Financial markets were thrown into turmoil last year by a swift rise in interest rates and recession fears, hitting businesses such as BlackRock (NYSE:BLK), which makes most of its money from fees on investment advisory and administration services.

But stocks and bonds rallied in the fourth quarter on expectations of a slowdown in global central banks' monetary tightening actions as inflation started to ease.

"2022 was a year of transition and a complex market environment for every one of our clients," Larry Fink, chairman and chief executive of BlackRock, said during a conference call.

"Inflation continues to be a top concern, despite recent cooling, ... global growth continues to slow," he said.

The world's largest asset manager's adjusted earnings were $1.36 billion, or $8.93 per share, in the three months to Dec. 31, down from $1.65 billion, or $10.68 per share, a year earlier. Analysts on average had expected a profit of $8.11 per share, based on IBES data from Refinitiv.

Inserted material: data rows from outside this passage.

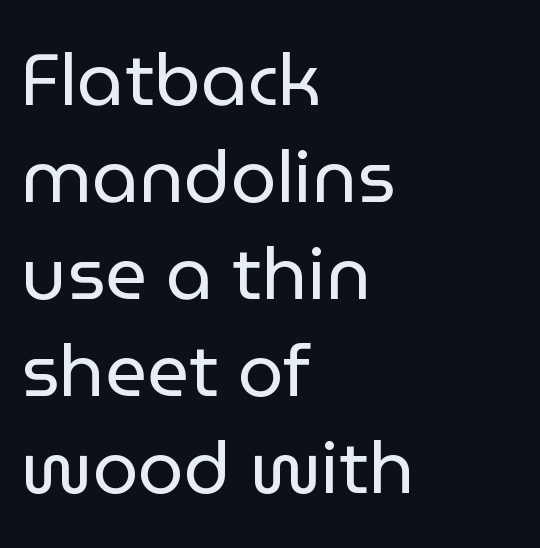
Q: Is the text bold? A: No.
Q: Is the text italic (slanted)? A: No, it is upright.
Q: Is the typeface a serif or a sans-serif typeface? A: Sans-serif.
Q: Is the text underlined? A: No.
Q: How is the paragraph aligned? A: Left-aligned.
Q: Is the spacing between letters normal or unusually wide? A: Normal.
Q: Is the spacing between lines tight, normal or loose? A: Normal.
Q: Width (condensed, normal, or wide)? A: Normal.
Q: Stroke contrast? A: Low.
Q: x-height? A: Medium.
Q: Monospaced? A: No.
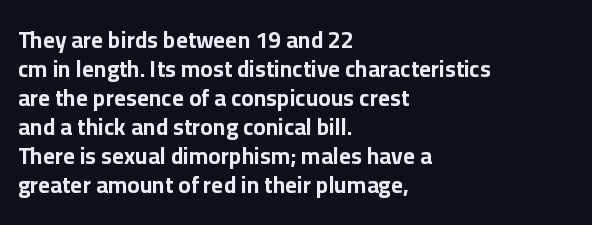
{"italic": "no", "bold": "yes", "underline": "no", "align": "left", "line_spacing": "normal", "line_spacing_ratio": 1.26, "letter_spacing": "normal", "letter_spacing_em": 0.0, "glyph_px": 23}

Assets under management (AUM) stood at $8.59 trillion at the end of the fourth quarter, down from a little more than $10 trillion a year earlier but up from $7.96 trillion in the third quarter.

Full-year revenue declined by 8% "primarily driven by the impact of significantly lower markets and dollar appreciation on average AUM and lower performance fees", BlackRock said in a statement.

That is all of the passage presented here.